George Hudson (c. 1615 – 1672) was an English violinist, lutenist, singer, and composer of Baroque music.

In collaboration with Charles Coleman, Hudson composed the instrumental score for The Siege of Rhodes, considered by music historians to be the first English opera.

==Life==
According to his contemporary Anthony Wood, Hudson may have begun his career as a dancing master. The first time Hudson's name appears in an official capacity, however, is in 1641, when he was granted membership into the King's court ensemble of "lutes and voices" by royal warrant. Though Hudson ultimately lost his position during the power struggles of the Civil War, he maintained a professional presence in London as an instructor of viol and voice.

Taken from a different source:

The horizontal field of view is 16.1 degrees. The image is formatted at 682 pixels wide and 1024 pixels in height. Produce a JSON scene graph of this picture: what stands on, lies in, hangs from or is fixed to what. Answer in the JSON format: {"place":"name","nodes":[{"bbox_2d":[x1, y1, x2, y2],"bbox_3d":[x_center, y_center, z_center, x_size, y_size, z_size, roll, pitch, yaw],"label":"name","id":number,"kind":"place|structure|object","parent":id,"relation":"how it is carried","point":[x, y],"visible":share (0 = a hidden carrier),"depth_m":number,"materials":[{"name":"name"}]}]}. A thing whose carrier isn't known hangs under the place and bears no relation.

In May 1656, Hudson and several of his colleagues, including Cooke and Lawes, were commissioned by the impresario William Davenant to compose music for First Day's Entertainment at Rutland House, a moral disputation consisting of music, dance, and declamation. Later that year, Hudson joined the creative team for Davenant's subsequent work The Siege of Rhodes, for which Hudson co-wrote the instrumental music with Charles Coleman.

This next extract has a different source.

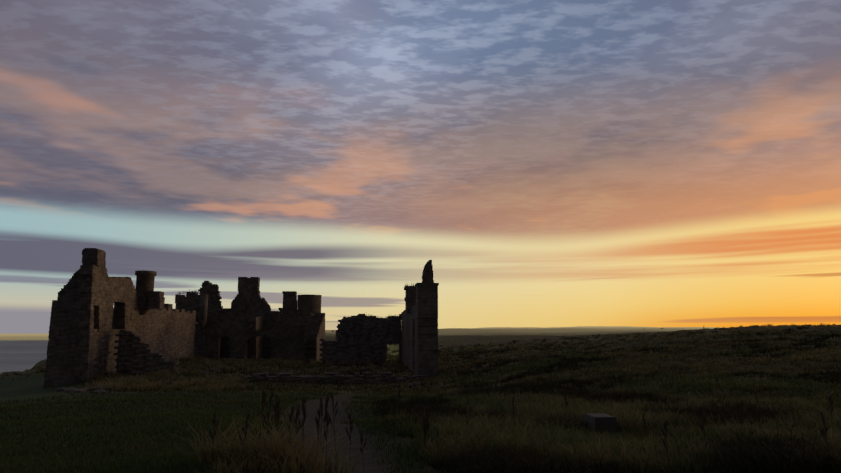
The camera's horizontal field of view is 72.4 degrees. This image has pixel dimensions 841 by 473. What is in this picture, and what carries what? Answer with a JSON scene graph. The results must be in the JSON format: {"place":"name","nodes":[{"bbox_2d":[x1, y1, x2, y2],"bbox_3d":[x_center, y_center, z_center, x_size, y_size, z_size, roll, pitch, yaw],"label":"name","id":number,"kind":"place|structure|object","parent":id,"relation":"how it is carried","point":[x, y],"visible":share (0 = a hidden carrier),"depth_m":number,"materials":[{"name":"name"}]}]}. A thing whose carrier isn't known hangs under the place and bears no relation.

After the Restoration, Hudson was appointed master of the King's violins, one of the positions of leadership over which the Master of the King's Music, Nicholas Lanier, was granted nominal control. Hudson directed the violins first in cooperation with Davis Mell and then Matthew Locke, the latter of whom Hudson had collaborated on Davenant's stage works several years prior.

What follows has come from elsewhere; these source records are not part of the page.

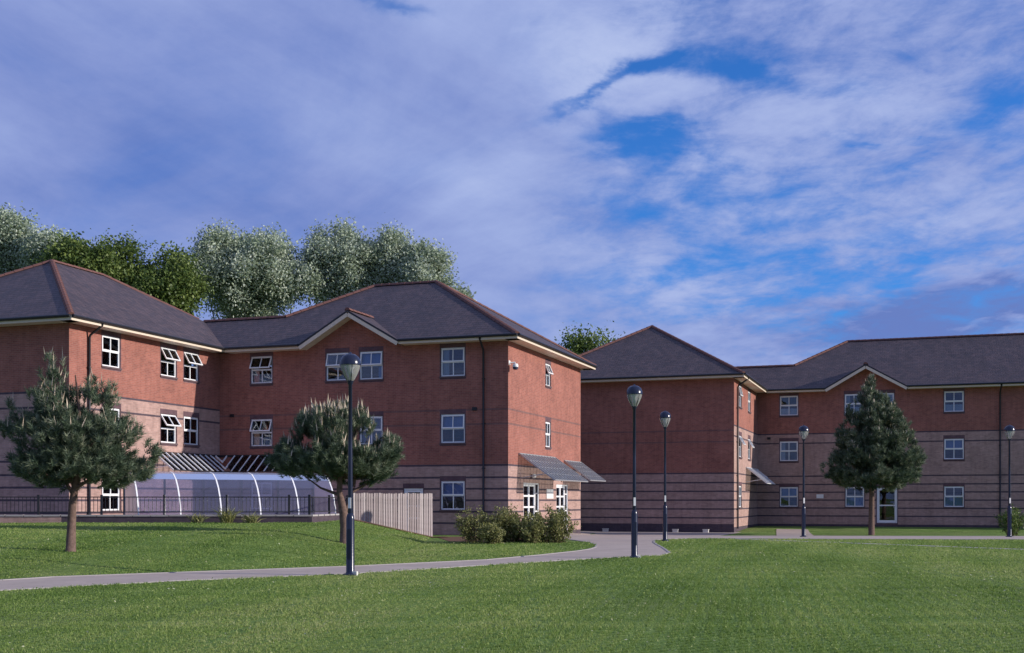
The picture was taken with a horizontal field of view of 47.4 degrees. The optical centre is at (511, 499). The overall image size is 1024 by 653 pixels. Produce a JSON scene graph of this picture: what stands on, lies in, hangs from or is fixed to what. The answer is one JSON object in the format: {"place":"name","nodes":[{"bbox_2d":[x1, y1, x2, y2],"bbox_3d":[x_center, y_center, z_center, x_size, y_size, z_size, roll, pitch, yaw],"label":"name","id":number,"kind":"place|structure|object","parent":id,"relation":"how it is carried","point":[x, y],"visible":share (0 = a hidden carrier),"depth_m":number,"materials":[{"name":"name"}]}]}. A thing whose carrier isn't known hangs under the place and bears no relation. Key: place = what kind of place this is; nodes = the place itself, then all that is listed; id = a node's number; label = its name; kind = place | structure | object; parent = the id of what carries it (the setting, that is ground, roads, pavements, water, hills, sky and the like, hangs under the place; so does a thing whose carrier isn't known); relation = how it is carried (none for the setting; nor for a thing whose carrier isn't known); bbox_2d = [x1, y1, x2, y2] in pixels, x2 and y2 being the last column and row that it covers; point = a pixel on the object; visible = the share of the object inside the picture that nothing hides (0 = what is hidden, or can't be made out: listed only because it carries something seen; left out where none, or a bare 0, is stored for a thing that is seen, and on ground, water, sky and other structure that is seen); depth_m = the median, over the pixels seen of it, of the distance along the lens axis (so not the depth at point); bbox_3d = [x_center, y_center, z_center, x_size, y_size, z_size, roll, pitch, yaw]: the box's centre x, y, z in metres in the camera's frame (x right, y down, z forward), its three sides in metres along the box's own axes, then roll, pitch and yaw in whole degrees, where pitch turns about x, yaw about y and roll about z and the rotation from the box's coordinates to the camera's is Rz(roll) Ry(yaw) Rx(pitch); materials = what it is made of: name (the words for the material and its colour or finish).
{"place":"outdoors","nodes":[
{"label":"outdoors","id":0,"kind":"place"},
{"bbox_2d":[0,521,431,578],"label":"grass bank","id":1,"kind":"structure","parent":0,"point":[82,562],"depth_m":29.04,"materials":[{"name":"green plant"}]},
{"bbox_2d":[0,347,165,551],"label":"pine tree","id":2,"kind":"object","parent":1,"relation":"on","point":[75,444],"visible":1,"depth_m":27.46,"materials":[{"name":"green plant"}]},
{"bbox_2d":[185,512,208,523],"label":"grass clump","id":3,"kind":"object","parent":1,"relation":"on","point":[198,519],"visible":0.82,"depth_m":41.26,"materials":[{"name":"green plant"}]},
{"bbox_2d":[208,505,243,522],"bbox_3d":[-10.070,0.501,41.381,1.282,0.698,1.527,0,0,-41],"label":"grass clump","id":4,"kind":"object","parent":1,"relation":"on","point":[229,517],"visible":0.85,"depth_m":41.30,"materials":[{"name":"green plant"}]},
{"bbox_2d":[235,511,265,522],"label":"grass clump","id":5,"kind":"object","parent":1,"relation":"on","point":[251,520],"visible":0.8,"depth_m":41.50,"materials":[{"name":"green plant"}]},
{"bbox_2d":[261,394,405,543],"bbox_3d":[-5.321,-0.920,35.114,3.595,4.684,3.604,0,0,-45],"label":"pine tree","id":6,"kind":"object","parent":1,"relation":"on","point":[325,427],"visible":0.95,"depth_m":34.63,"materials":[{"name":"green plant"}]},
{"bbox_2d":[0,549,589,588],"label":"path","id":7,"kind":"structure","parent":0,"point":[65,581],"depth_m":25.20,"materials":[{"name":"concrete"}]},
{"bbox_2d":[0,520,1023,652],"bbox_3d":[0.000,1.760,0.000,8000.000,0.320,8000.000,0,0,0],"label":"lawn","id":8,"kind":"structure","parent":0,"point":[860,531],"depth_m":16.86,"materials":[{"name":"green plant"}]},
{"bbox_2d":[0,200,41,273],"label":"silver tree","id":9,"kind":"object","parent":8,"relation":"on","point":[10,229],"visible":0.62,"depth_m":84.33,"materials":[{"name":"green plant"}]},
{"bbox_2d":[13,218,69,270],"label":"silver tree","id":10,"kind":"object","parent":8,"relation":"on","point":[34,239],"visible":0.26,"depth_m":82.90,"materials":[{"name":"green plant"}]},
{"bbox_2d":[25,228,125,277],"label":"dark tree","id":11,"kind":"object","parent":8,"relation":"on","point":[69,250],"visible":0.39,"depth_m":80.52,"materials":[{"name":"green plant"}]},
{"bbox_2d":[80,225,150,288],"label":"dark tree","id":12,"kind":"object","parent":8,"relation":"on","point":[129,249],"visible":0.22,"depth_m":82.61,"materials":[{"name":"green plant"}]},
{"bbox_2d":[118,240,217,317],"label":"dark tree","id":13,"kind":"object","parent":8,"relation":"on","point":[174,283],"visible":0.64,"depth_m":82.66,"materials":[{"name":"green plant"}]},
{"bbox_2d":[0,513,339,522],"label":"wall","id":14,"kind":"structure","parent":8,"relation":"on","point":[313,518],"depth_m":42.06,"materials":[{"name":"beige brick"}]},
{"bbox_2d":[0,495,347,514],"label":"railing","id":15,"kind":"object","parent":14,"relation":"on","point":[309,497],"visible":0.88,"depth_m":42.20,"materials":[{"name":"metal"}]},
{"bbox_2d":[186,217,311,318],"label":"silver tree","id":16,"kind":"object","parent":8,"relation":"on","point":[246,273],"visible":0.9,"depth_m":86.98,"materials":[{"name":"green plant"}]},
{"bbox_2d":[0,549,587,579],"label":"kerb","id":17,"kind":"structure","parent":8,"relation":"on","point":[280,568],"depth_m":26.81,"materials":[{"name":"grey concrete"}]},
{"bbox_2d":[0,259,605,534],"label":"apartment block","id":18,"kind":"structure","parent":8,"relation":"on","point":[473,403],"depth_m":53.78,"materials":[{"name":"red brick"}]},
{"bbox_2d":[102,407,118,434],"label":"window","id":19,"kind":"structure","parent":18,"relation":"in","point":[102,407],"depth_m":49.63,"materials":[{"name":"white plastic"}]},
{"bbox_2d":[101,335,121,369],"bbox_3d":[-16.933,-6.215,49.233,0.170,1.370,1.290,0,0,19],"label":"window","id":20,"kind":"structure","parent":18,"relation":"in","point":[110,345],"depth_m":49.23,"materials":[{"name":"white plastic"}]},
{"bbox_2d":[102,487,121,511],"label":"window","id":21,"kind":"structure","parent":18,"relation":"in","point":[108,492],"depth_m":49.30,"materials":[{"name":"white plastic"}]},
{"bbox_2d":[160,347,180,378],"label":"window","id":22,"kind":"structure","parent":18,"relation":"in","point":[168,369],"depth_m":53.02,"materials":[{"name":"white plastic"}]},
{"bbox_2d":[160,414,181,444],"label":"window","id":23,"kind":"structure","parent":18,"relation":"in","point":[168,435],"depth_m":53.03,"materials":[{"name":"white plastic"}]},
{"bbox_2d":[183,416,199,446],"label":"window","id":24,"kind":"structure","parent":18,"relation":"in","point":[190,423],"depth_m":54.74,"materials":[{"name":"white plastic"}]},
{"bbox_2d":[183,351,202,382],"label":"window","id":25,"kind":"structure","parent":18,"relation":"in","point":[190,372],"depth_m":54.71,"materials":[{"name":"white plastic"}]},
{"bbox_2d":[249,419,271,447],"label":"window","id":26,"kind":"structure","parent":18,"relation":"in","point":[259,442],"depth_m":56.22,"materials":[{"name":"white plastic"}]},
{"bbox_2d":[249,356,272,384],"bbox_3d":[-12.049,-6.215,56.114,1.290,1.370,0.440,0,0,19],"label":"window","id":27,"kind":"structure","parent":18,"relation":"in","point":[256,363],"depth_m":56.16,"materials":[{"name":"white plastic"}]},
{"bbox_2d":[249,482,272,510],"bbox_3d":[-12.025,-0.165,56.185,1.290,1.370,0.250,0,0,19],"label":"window","id":28,"kind":"structure","parent":18,"relation":"in","point":[265,488],"depth_m":56.23,"materials":[{"name":"white plastic"}]},
{"bbox_2d":[325,352,348,381],"bbox_3d":[-8.203,-6.215,54.768,1.290,1.370,0.263,0,0,19],"label":"window","id":29,"kind":"structure","parent":18,"relation":"in","point":[336,365],"depth_m":54.85,"materials":[{"name":"white plastic"}]},
{"bbox_2d":[358,351,383,380],"bbox_3d":[-6.518,-6.215,54.287,1.290,1.370,0.270,0,0,19],"label":"window","id":30,"kind":"structure","parent":18,"relation":"in","point":[371,359],"depth_m":54.32,"materials":[{"name":"white plastic"}]},
{"bbox_2d":[360,416,381,445],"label":"window","id":31,"kind":"structure","parent":18,"relation":"in","point":[378,419],"depth_m":54.33,"materials":[{"name":"white plastic"}]},
{"bbox_2d":[404,488,422,532],"bbox_3d":[-4.489,0.545,53.586,0.950,2.130,0.110,0,0,19],"label":"door","id":32,"kind":"structure","parent":18,"relation":"in","point":[406,490],"depth_m":53.55,"materials":[{"name":"white plastic"}]},
{"bbox_2d":[439,347,465,377],"bbox_3d":[-2.654,-6.215,52.949,1.290,1.370,0.270,0,0,19],"label":"window","id":33,"kind":"structure","parent":18,"relation":"in","point":[445,361],"depth_m":53.01,"materials":[{"name":"white plastic"}]},
{"bbox_2d":[439,414,465,444],"bbox_3d":[-2.655,-3.195,52.944,1.290,1.370,0.260,0,0,19],"label":"window","id":34,"kind":"structure","parent":18,"relation":"in","point":[453,422],"depth_m":52.99,"materials":[{"name":"white plastic"}]},
{"bbox_2d":[439,481,465,510],"bbox_3d":[-2.655,-0.165,52.944,1.290,1.370,0.260,0,0,19],"label":"window","id":35,"kind":"structure","parent":18,"relation":"in","point":[448,488],"depth_m":53.01,"materials":[{"name":"white plastic"}]},
{"bbox_2d":[524,483,538,518],"bbox_3d":[0.877,0.405,55.182,0.174,2.410,2.400,0,0,19],"label":"door","id":36,"kind":"structure","parent":18,"relation":"in","point":[531,492],"depth_m":55.39,"materials":[{"name":"white plastic"}]},
{"bbox_2d":[545,422,551,448],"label":"window","id":37,"kind":"structure","parent":18,"relation":"in","point":[547,423],"depth_m":57.83,"materials":[{"name":"white plastic"}]},
{"bbox_2d":[545,364,553,387],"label":"window","id":38,"kind":"structure","parent":18,"relation":"in","point":[548,367],"depth_m":57.82,"materials":[{"name":"white plastic"}]},
{"bbox_2d":[556,484,567,528],"bbox_3d":[2.537,0.415,59.972,0.174,2.390,2.100,0,0,19],"label":"door","id":39,"kind":"structure","parent":18,"relation":"in","point":[561,490],"depth_m":60.15,"materials":[{"name":"white plastic"}]},
{"bbox_2d":[0,555,658,590],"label":"kerb","id":40,"kind":"structure","parent":8,"relation":"on","point":[285,576],"depth_m":23.90,"materials":[{"name":"grey concrete"}]},
{"bbox_2d":[282,212,393,306],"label":"silver tree","id":41,"kind":"object","parent":8,"relation":"on","point":[327,266],"visible":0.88,"depth_m":88.97,"materials":[{"name":"green plant"}]},
{"bbox_2d":[339,352,360,575],"bbox_3d":[-3.423,-0.767,24.700,0.456,4.733,0.451,0,0,10],"label":"street lamp","id":42,"kind":"object","parent":8,"relation":"on","point":[350,361],"visible":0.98,"depth_m":24.65,"materials":[{"name":"navy paint"},{"name":"silver steel"},{"name":"glass"}]},
{"bbox_2d":[347,529,350,558],"bbox_3d":[-3.438,0.939,24.612,0.090,0.637,0.008,0,0,10],"label":"access door","id":43,"kind":"structure","parent":42,"relation":"in","point":[348,530],"depth_m":24.61,"materials":[{"name":"blue paint"}]},
{"bbox_2d":[353,493,432,537],"bbox_3d":[-4.926,0.795,48.305,3.936,2.166,0.177,0,0,-39],"label":"picket fence","id":44,"kind":"object","parent":8,"relation":"on","point":[376,515],"visible":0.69,"depth_m":48.37,"materials":[{"name":"brown wood"}]},
{"bbox_2d":[352,220,441,284],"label":"silver tree","id":45,"kind":"object","parent":8,"relation":"on","point":[391,242],"visible":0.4,"depth_m":89.52,"materials":[{"name":"green plant"}]},
{"bbox_2d":[355,519,445,536],"bbox_3d":[-4.728,1.164,47.954,5.448,0.811,0.686,0,0,-41],"label":"soil bed","id":46,"kind":"object","parent":8,"relation":"on","point":[396,528],"visible":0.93,"depth_m":47.80,"materials":[{"name":"brown soil"}]},
{"bbox_2d":[384,237,462,288],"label":"silver tree","id":47,"kind":"object","parent":8,"relation":"on","point":[430,262],"visible":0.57,"depth_m":88.72,"materials":[{"name":"green plant"}]},
{"bbox_2d":[449,275,476,300],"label":"leafy tree","id":48,"kind":"object","parent":8,"relation":"on","point":[464,291],"visible":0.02,"depth_m":92.70,"materials":[{"name":"green plant"}]},
{"bbox_2d":[454,505,494,542],"bbox_3d":[-1.401,1.058,43.284,1.669,1.777,1.268,0,0,-13],"label":"shrub","id":49,"kind":"object","parent":8,"relation":"on","point":[468,531],"visible":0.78,"depth_m":43.02,"materials":[{"name":"green plant"}]},
{"bbox_2d":[438,536,513,542],"bbox_3d":[-0.662,1.592,47.503,4.318,0.001,8.306,0,0,-9],"label":"planting bed","id":50,"kind":"object","parent":8,"relation":"on","point":[456,539],"visible":0.16,"depth_m":46.76,"materials":[{"name":"soil"}]},
{"bbox_2d":[489,503,526,542],"bbox_3d":[-0.156,0.971,43.585,1.586,1.743,1.508,0,0,0],"label":"shrub","id":51,"kind":"object","parent":50,"relation":"on","point":[507,526],"visible":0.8,"depth_m":43.30,"materials":[{"name":"green plant"}]},
{"bbox_2d":[503,511,538,541],"bbox_3d":[0.254,1.104,43.931,1.449,1.408,1.231,0,0,31],"label":"shrub","id":52,"kind":"object","parent":50,"relation":"on","point":[519,538],"visible":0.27,"depth_m":43.74,"materials":[{"name":"green plant"}]},
{"bbox_2d":[528,509,559,542],"bbox_3d":[1.207,1.054,43.750,1.363,1.459,1.560,0,0,0],"label":"shrub","id":53,"kind":"object","parent":50,"relation":"on","point":[542,536],"visible":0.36,"depth_m":43.58,"materials":[{"name":"green plant"}]},
{"bbox_2d":[477,517,506,543],"bbox_3d":[-0.707,1.214,42.315,1.152,1.156,1.196,0,0,0],"label":"shrub","id":54,"kind":"object","parent":8,"relation":"on","point":[492,533],"visible":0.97,"depth_m":42.08,"materials":[{"name":"green plant"}]},
{"bbox_2d":[512,511,553,543],"bbox_3d":[0.703,1.134,42.893,1.333,1.612,1.382,0,0,39],"label":"shrub","id":55,"kind":"object","parent":8,"relation":"on","point":[531,530],"visible":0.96,"depth_m":42.76,"materials":[{"name":"green plant"}]},
{"bbox_2d":[540,503,581,542],"bbox_3d":[1.808,0.954,43.397,1.574,1.652,1.505,0,0,0],"label":"shrub","id":56,"kind":"object","parent":8,"relation":"on","point":[560,529],"visible":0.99,"depth_m":43.17,"materials":[{"name":"green plant"}]},
{"bbox_2d":[554,321,624,354],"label":"leafy tree","id":57,"kind":"object","parent":8,"relation":"on","point":[580,344],"visible":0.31,"depth_m":96.58,"materials":[{"name":"green plant"}]},
{"bbox_2d":[566,537,666,557],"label":"forecourt","id":58,"kind":"structure","parent":8,"relation":"on","point":[611,547],"depth_m":38.92,"materials":[{"name":"concrete"}]},
{"bbox_2d":[626,384,642,557],"bbox_3d":[3.362,-0.791,32.070,0.456,4.782,0.451,0,0,-5],"label":"street lamp","id":59,"kind":"object","parent":8,"relation":"on","point":[634,391],"visible":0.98,"depth_m":32.02,"materials":[{"name":"black metal"}]},
{"bbox_2d":[633,522,636,545],"bbox_3d":[3.370,0.932,31.981,0.090,0.644,0.008,0,0,-5],"label":"access door","id":60,"kind":"structure","parent":59,"relation":"in","point":[634,523],"depth_m":31.98,"materials":[{"name":"blue paint"}]},
{"bbox_2d":[659,410,670,540],"bbox_3d":[5.929,-0.936,45.200,0.456,5.072,0.451,0,0,-3],"label":"street lamp","id":61,"kind":"object","parent":8,"relation":"on","point":[665,415],"visible":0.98,"depth_m":45.15,"materials":[{"name":"black metal"}]},
{"bbox_2d":[664,514,666,531],"bbox_3d":[5.934,0.891,45.111,0.090,0.683,0.008,0,0,-3],"label":"access door","id":62,"kind":"structure","parent":61,"relation":"in","point":[665,515],"depth_m":45.11,"materials":[{"name":"blue paint"}]},
{"bbox_2d":[579,325,1023,532],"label":"apartment block","id":63,"kind":"structure","parent":8,"relation":"on","point":[734,452],"depth_m":73.65,"materials":[{"name":"red brick"}]},
{"bbox_2d":[739,386,742,408],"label":"window","id":64,"kind":"structure","parent":63,"relation":"in","point":[740,389],"depth_m":70.70,"materials":[{"name":"white plastic"}]},
{"bbox_2d":[739,486,742,507],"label":"window","id":65,"kind":"structure","parent":63,"relation":"in","point":[739,486],"depth_m":70.72,"materials":[{"name":"white plastic"}]},
{"bbox_2d":[739,436,745,458],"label":"window","id":66,"kind":"structure","parent":63,"relation":"in","point":[741,440],"depth_m":70.72,"materials":[{"name":"white plastic"}]},
{"bbox_2d":[748,391,750,412],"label":"window","id":67,"kind":"structure","parent":63,"relation":"in","point":[748,391],"depth_m":74.51,"materials":[{"name":"white plastic"}]},
{"bbox_2d":[748,439,754,460],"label":"window","id":68,"kind":"structure","parent":63,"relation":"in","point":[750,443],"depth_m":74.51,"materials":[{"name":"white plastic"}]},
{"bbox_2d":[779,396,798,416],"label":"window","id":69,"kind":"structure","parent":63,"relation":"in","point":[793,411],"depth_m":77.56,"materials":[{"name":"white plastic"}]},
{"bbox_2d":[779,441,798,461],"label":"window","id":70,"kind":"structure","parent":63,"relation":"in","point":[782,443],"depth_m":77.57,"materials":[{"name":"white plastic"}]},
{"bbox_2d":[779,487,798,507],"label":"window","id":71,"kind":"structure","parent":63,"relation":"in","point":[785,492],"depth_m":77.58,"materials":[{"name":"white plastic"}]},
{"bbox_2d":[844,394,860,414],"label":"window","id":72,"kind":"structure","parent":63,"relation":"in","point":[847,396],"depth_m":76.26,"materials":[{"name":"white plastic"}]},
{"bbox_2d":[844,487,864,507],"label":"window","id":73,"kind":"structure","parent":63,"relation":"in","point":[851,501],"depth_m":76.19,"materials":[{"name":"white plastic"}]},
{"bbox_2d":[877,488,896,522],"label":"door","id":74,"kind":"structure","parent":63,"relation":"in","point":[878,490],"depth_m":75.53,"materials":[{"name":"white plastic"}]},
{"bbox_2d":[883,393,893,401],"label":"window","id":75,"kind":"structure","parent":63,"relation":"in","point":[890,395],"depth_m":75.49,"materials":[{"name":"white plastic"}]},
{"bbox_2d":[943,391,964,412],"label":"window","id":76,"kind":"structure","parent":63,"relation":"in","point":[954,408],"depth_m":74.19,"materials":[{"name":"white plastic"}]},
{"bbox_2d":[943,439,964,459],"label":"window","id":77,"kind":"structure","parent":63,"relation":"in","point":[949,444],"depth_m":74.21,"materials":[{"name":"white plastic"}]},
{"bbox_2d":[943,486,964,507],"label":"window","id":78,"kind":"structure","parent":63,"relation":"in","point":[949,501],"depth_m":74.22,"materials":[{"name":"white plastic"}]},
{"bbox_2d":[653,538,1022,554],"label":"kerb","id":79,"kind":"structure","parent":8,"relation":"on","point":[754,538],"depth_m":47.57,"materials":[{"name":"grey concrete"}]},
{"bbox_2d":[690,536,1023,538],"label":"footpath","id":80,"kind":"structure","parent":8,"relation":"on","point":[909,537],"depth_m":49.11,"materials":[{"name":"concrete"}]},
{"bbox_2d":[798,425,808,536],"bbox_3d":[12.544,-0.815,50.200,0.456,4.830,0.451,0,0,-11],"label":"street lamp","id":81,"kind":"object","parent":80,"relation":"on","point":[803,429],"visible":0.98,"depth_m":50.16,"materials":[{"name":"black metal"}]},
{"bbox_2d":[803,514,805,528],"bbox_3d":[12.562,0.925,50.113,0.090,0.650,0.008,0,0,-11],"label":"access door","id":82,"kind":"structure","parent":81,"relation":"in","point":[804,515],"depth_m":50.11,"materials":[{"name":"blue paint"}]},
{"bbox_2d":[1004,424,1014,536],"bbox_3d":[21.316,-0.815,50.000,0.456,4.830,0.451,0,0,-7],"label":"street lamp","id":83,"kind":"object","parent":80,"relation":"on","point":[1009,429],"visible":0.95,"depth_m":49.96,"materials":[{"name":"black metal"}]},
{"bbox_2d":[1010,514,1011,528],"bbox_3d":[21.328,0.925,49.912,0.090,0.650,0.008,0,0,-7],"label":"access door","id":84,"kind":"structure","parent":83,"relation":"in","point":[1010,514],"depth_m":49.91,"materials":[{"name":"blue paint"}]},
{"bbox_2d":[818,374,927,534],"bbox_3d":[19.758,-2.481,63.512,5.128,9.003,4.969,0,0,39],"label":"pine tree","id":85,"kind":"object","parent":8,"relation":"on","point":[871,451],"visible":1,"depth_m":62.60,"materials":[{"name":"green plant"}]},
{"bbox_2d":[752,539,1021,549],"bbox_3d":[15.413,1.592,39.205,1.090,0.001,21.043,0,0,-39],"label":"lawn edging","id":86,"kind":"object","parent":8,"relation":"on","point":[895,544],"visible":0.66,"depth_m":41.08,"materials":[{"name":"grey concrete"}]},
{"bbox_2d":[994,503,1023,535],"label":"shrub","id":87,"kind":"object","parent":8,"relation":"on","point":[1018,521],"visible":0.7,"depth_m":55.81,"materials":[{"name":"green plant"}]},
{"bbox_2d":[0,0,1023,366],"label":"sky","id":88,"kind":"structure","parent":0,"point":[746,182],"materials":[{"name":"blue"}]},
{"bbox_2d":[543,531,739,538],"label":"forecourt","id":89,"kind":"structure","parent":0,"point":[641,535],"depth_m":63.98,"materials":[{"name":"concrete"}]},
{"bbox_2d":[776,529,813,535],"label":"side path","id":90,"kind":"structure","parent":0,"point":[788,532],"depth_m":67.71,"materials":[{"name":"concrete"}]},
{"label":"courtyard paving","id":91,"kind":"structure","parent":0,"visible":0},
{"bbox_2d":[123,472,335,514],"bbox_3d":[-10.890,0.262,45.358,7.670,2.680,2.545,0,0,-30],"label":"bike shelter","id":92,"kind":"object","parent":91,"relation":"on","point":[130,504],"visible":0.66,"depth_m":45.20,"materials":[{"name":"clear plastic"}]}
]}

By January 1672, Hudson had fallen gravely ill. No longer able to fulfill his compositional duties at the court, Hudson was assisted without fee by Pelham Humphrey and Thomas Purcell, the uncle of Henry. Upon Hudson's death, Humphrey and Purcell were appointed to the composer's previous post.

==Works==
Hudson is best known for his contributions to First Day's Entertainment at Rutland House (1656) and The Siege of Rhodes (1656), the score and parts for which are now lost. Several of Hudson's dances were published in two of John Playford's collections, Musick's Recreation on the Lyra Viol (1652) and Court Ayres (1655). Additional sheet music, including original manuscripts, are held at the British Library, Bodleian Library, Christ Church Library, and others, both inside and outside of the United Kingdom.